My favorite aspect of David Mitchell is his nods to other literature and it’s metafictional capabilities. In the Tokyo story, a story that seems lush with Haruki Murakami inspiration beyond just the setting, Mitchell quotes directly from Madame Bovary, ’One should be wary of touching one’s idols, for the gilt comes off on one’s fingers.’ Mitchell, who has a strong college backing in literature, seems to enjoy letting this gilt on his fingers show. He makes a few blunt references to authors who influence this novel, such as Vladimir Nabokov, of whom Tim Cavendish (fans of Cloud Atlas rejoice, that foul mouthed son of a bitch you loved has a nice cameo) warns ’anyone who’s trying to get a book finished – steer clear of Nabokov. Nabokov makes anyone feel like a clodhopper.’ It has been told to me that Mitchell based the jaw-dropping ending of this novel off of Yukio Mishima’s Sea of Fertility series, whom he calls out as a great author in the Tokyo story.
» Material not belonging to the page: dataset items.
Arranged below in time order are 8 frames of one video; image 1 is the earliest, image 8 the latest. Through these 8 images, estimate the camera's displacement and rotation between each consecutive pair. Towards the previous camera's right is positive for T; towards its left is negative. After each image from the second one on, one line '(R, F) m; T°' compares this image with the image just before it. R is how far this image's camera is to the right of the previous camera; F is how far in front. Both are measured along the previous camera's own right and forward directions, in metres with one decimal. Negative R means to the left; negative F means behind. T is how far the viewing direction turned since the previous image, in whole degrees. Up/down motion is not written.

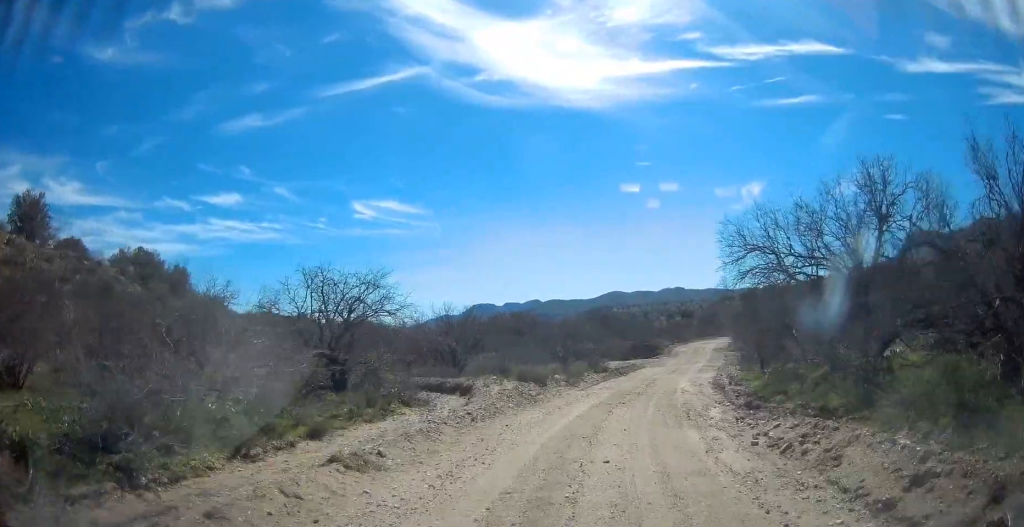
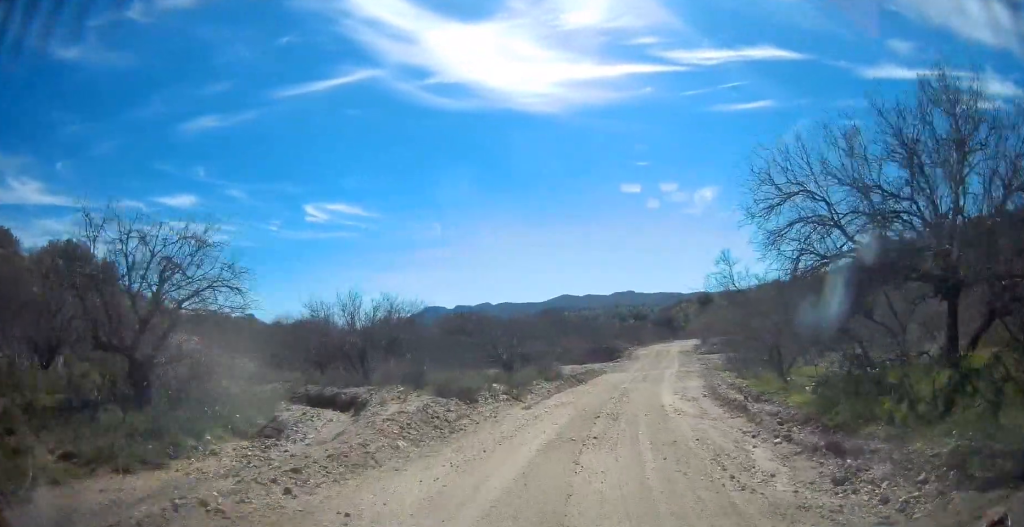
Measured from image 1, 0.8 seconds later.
(+0.6, +6.3) m; +5°
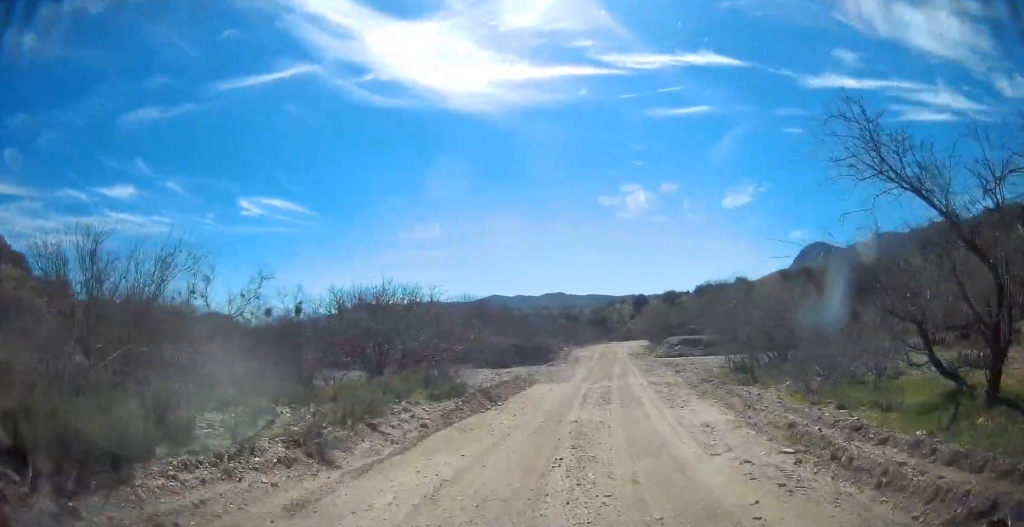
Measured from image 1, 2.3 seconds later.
(+0.3, +10.7) m; +3°
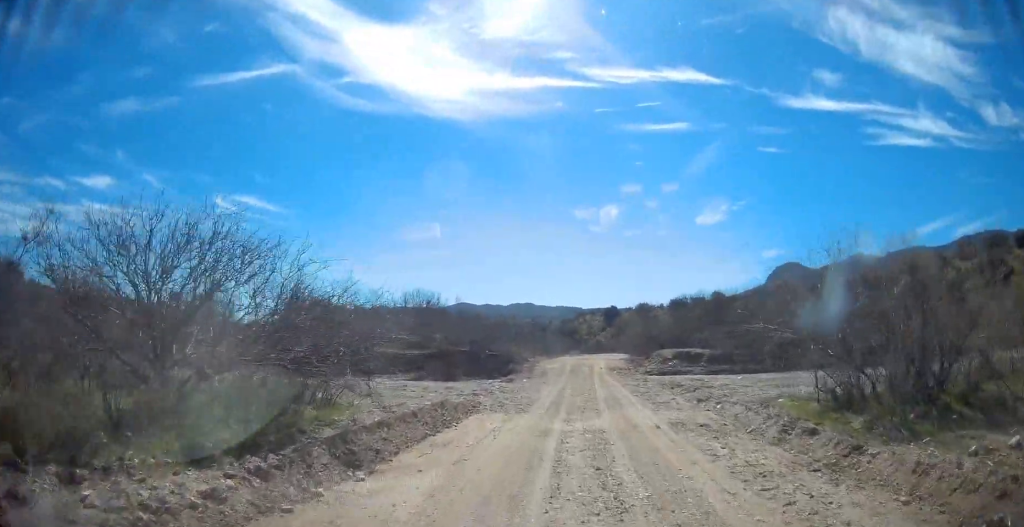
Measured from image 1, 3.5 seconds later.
(+0.4, +8.7) m; +6°
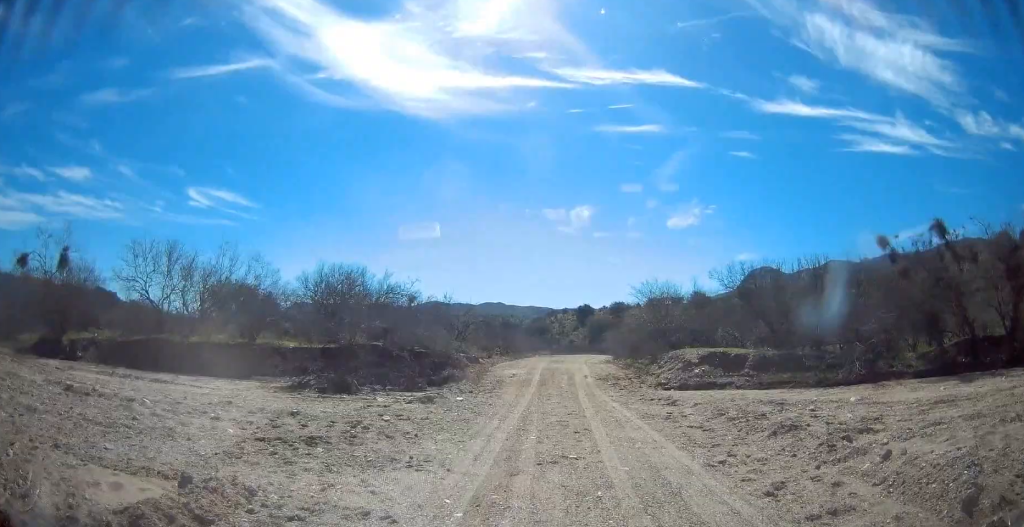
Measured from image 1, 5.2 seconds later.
(+0.6, +12.0) m; +2°
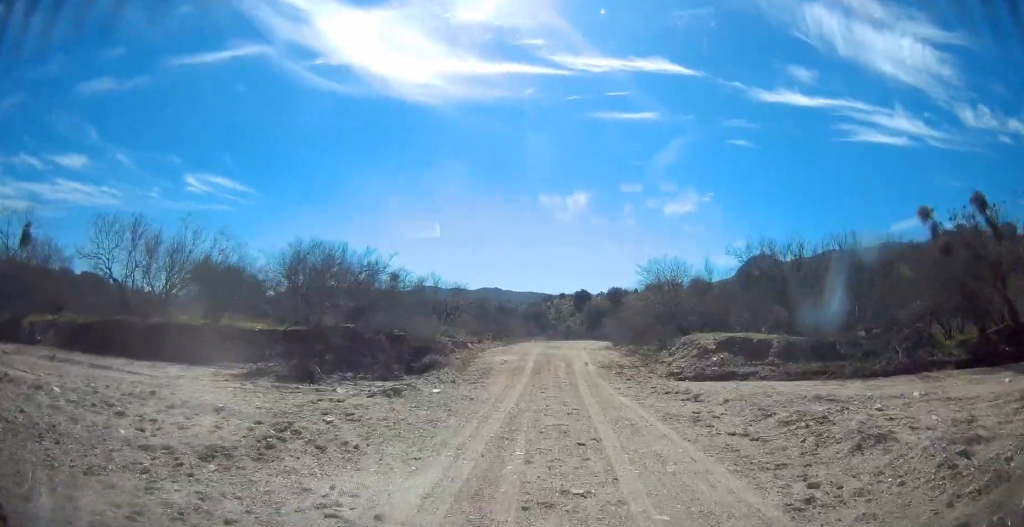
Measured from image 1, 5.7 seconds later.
(0.0, +2.8) m; 0°
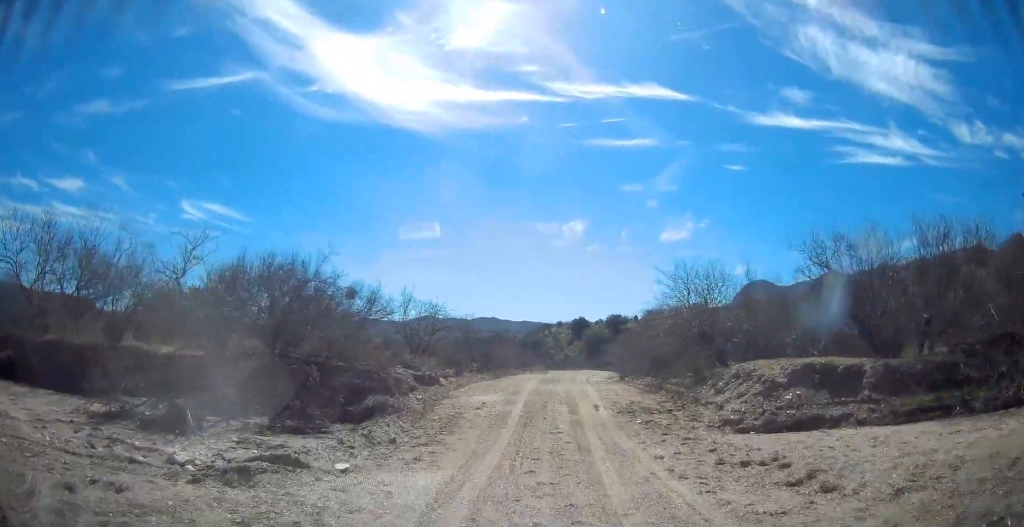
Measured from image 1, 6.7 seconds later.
(0.0, +6.1) m; -1°
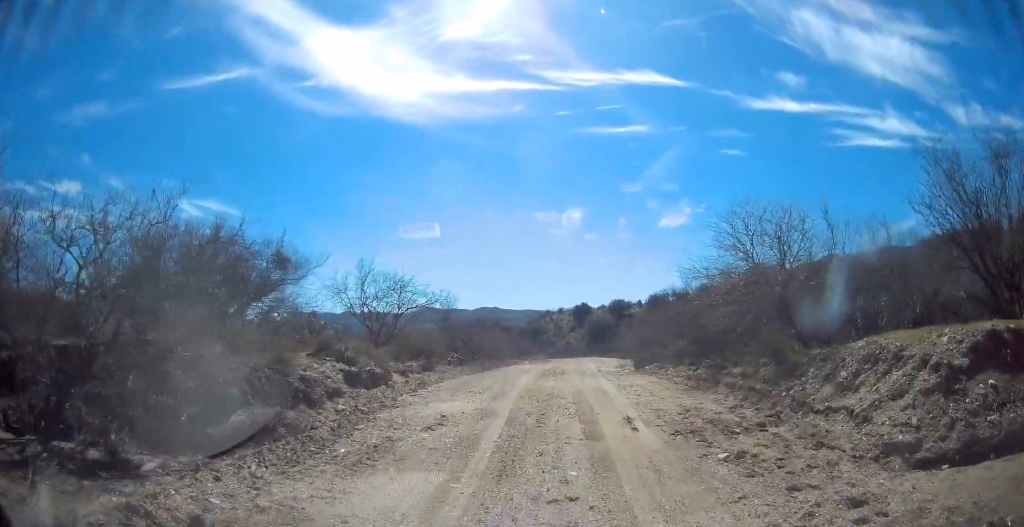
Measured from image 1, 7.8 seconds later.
(0.0, +6.4) m; +5°

The Petersburg story seemed to give a nod to The Master and Margarita, with the character name, the cat and all the talk about the devil. Perhaps the most critical moment of displaying his inspiration comes in the Tokyo story when Satoru receives Murakami’s translation of F. Scott Fitzgerald’s short stories because he loved The Great Gatsby so much. Fitzgerald, especially in Gatsby has a fixation on the past and trying to rectify it. Interestingly enough, a vast majority of the narrators spend most of their sections looking backwards and the choices and chances that brought them to where they are at the present. Margarita has a hope for the future, yet a large part is to rectify her somber past. Only Quasar seems to look toward the future, which is mainly from a complete rejection of his past, yet he spends half his segment telling how he came to be as well. Music also plays a large roll in this novel, which in a way gives it a bit of a soundtrack. I must say that Bat Segundo has an excellent taste in music.

The Mongolia segment displays some wonderful use of metafiction. This segment has the narrator, a ‘ghost’ who inhabits the minds of others and reads their life stories, travel from person to person in search of stories, much like what the novel itself is doing. There are several wonderful, authentic Mongolian folk tales within this segment. The most striking of these involves a young boy who is fated to roam the world blind telling stories. Getting the picture? Mitchell is incredible with his playfulness of literature. Much of the negative remarks about him stem from this playfulness, criticizing him of just writing ‘masturbatory novels’ and showing off his literary muscle like one of those creepy guys at a beach. I, however, find that to be a great charm of his, although I like writers who write about writing.

Ghostwritten is a powerful novel, and a powerful display of writing. This would be a perfect introduction into the world of Mitchell, although I did not find it to be as strong as Cloud Atlas. The two are good companion novels however, as major narrators in Cloud Atlas make minor appearances here, and they are both composed of seemingly unrelated, yet harmonizing stories. This novel rewards a careful reading. Almost nothing in this poignant novel is superfluous and there are countless connections and parallels to be found. The world will never be the same after reading this, I found myself analyzing every action of mine wondering how it would echo across the globe, which makes you feel even more guilty when you accidentally cut someone off in morning traffic. The horrors of humanity are all on display here, yet somehow we are all connected and the world keeps turning. Is it because of fate or chance? Is it for power or want? Or, maybe, is it because of love?